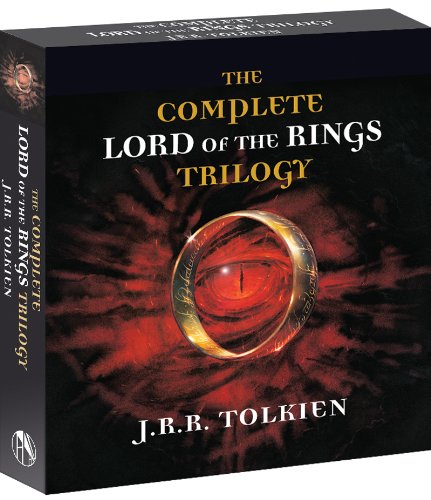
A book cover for The Complete Lord of the Rings Trilogy; J.R.R. Tolkien; Humor & Entertainment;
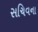
સચિવના
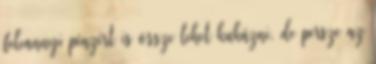
feleannyi pénzért is össze lehet kukázni, de persze az
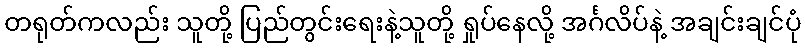
တရုတ်ကလည်း သူတို့ ပြည်တွင်းရေးနဲ့သူတို့ ရှုပ်နေလို့ အင်္ဂလိပ်နဲ့ အချင်းချင်ပုံ
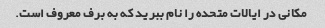
مکانی در ایالات متحده را نام ببرید که به برف معروف است.
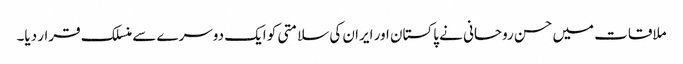
ملاقات میں حسن روحانی نے پاکستان اور ایران کی سلامتی کو ایک دوسرے سے منسلک قرار دیا۔
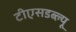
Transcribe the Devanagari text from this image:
टीएसडब्ल्यू
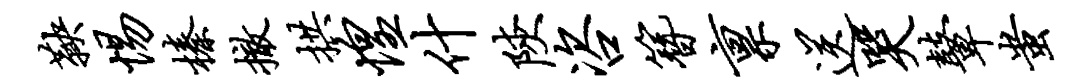
鞅惕榛撤拱惶什陕咨簪禀送哭鼙蚩
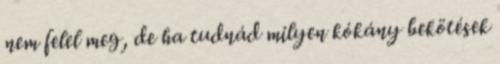
nem felel meg, de ha tudnád milyen kókány bekötések
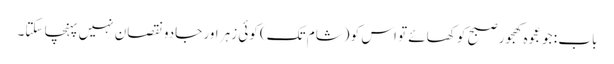
باب : جو عجوہ کھجور صبح کو کھائے تو اس کو (شام تک) کوئی زہر اور جادو نقصان نہیں پہنچا سکتا۔
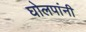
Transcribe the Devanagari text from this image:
घोलपांनी
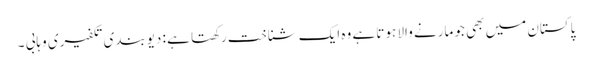
پاکستان میں بھی جو مارنے والا ہوتا ہے وہ ایک شناخت رکھتا ہے : دیوبندی تکفیری وہابی ۔
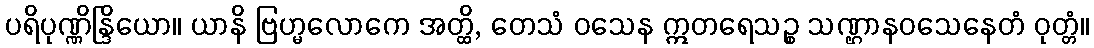
ပရိပုဏ္ဏိန္ဒြိယော။ ယာနိ ဗြဟ္မလောကေ အတ္ထိ, တေသံ ဝသေန ဣတရေသဉ္စ သဏ္ဌာနဝသေနေတံ ဝုတ္တံ။

> [TASK] The answer must be the full listing above, copied exactly, with no pictures in it.

> [RESPONSE AREA]
A book cover for The Complete Lord of the Rings Trilogy; J.R.R. Tolkien; Humor & Entertainment;
સચિવના
feleannyi pénzért is össze lehet kukázni, de persze az
တရုတ်ကလည်း သူတို့ ပြည်တွင်းရေးနဲ့သူတို့ ရှုပ်နေလို့ အင်္ဂလိပ်နဲ့ အချင်းချင်ပုံ
مکانی در ایالات متحده را نام ببرید که به برف معروف است.
ملاقات میں حسن روحانی نے پاکستان اور ایران کی سلامتی کو ایک دوسرے سے منسلک قرار دیا۔
Transcribe the Devanagari text from this image:
टीएसडब्ल्यू
鞅惕榛撤拱惶什陕咨簪禀送哭鼙蚩
nem felel meg, de ha tudnád milyen kókány bekötések
باب : جو عجوہ کھجور صبح کو کھائے تو اس کو (شام تک) کوئی زہر اور جادو نقصان نہیں پہنچا سکتا۔
Transcribe the Devanagari text from this image:
घोलपांनी
پاکستان میں بھی جو مارنے والا ہوتا ہے وہ ایک شناخت رکھتا ہے : دیوبندی تکفیری وہابی ۔
ပရိပုဏ္ဏိန္ဒြိယော။ ယာနိ ဗြဟ္မလောကေ အတ္ထိ, တေသံ ဝသေန ဣတရေသဉ္စ သဏ္ဌာနဝသေနေတံ ဝုတ္တံ။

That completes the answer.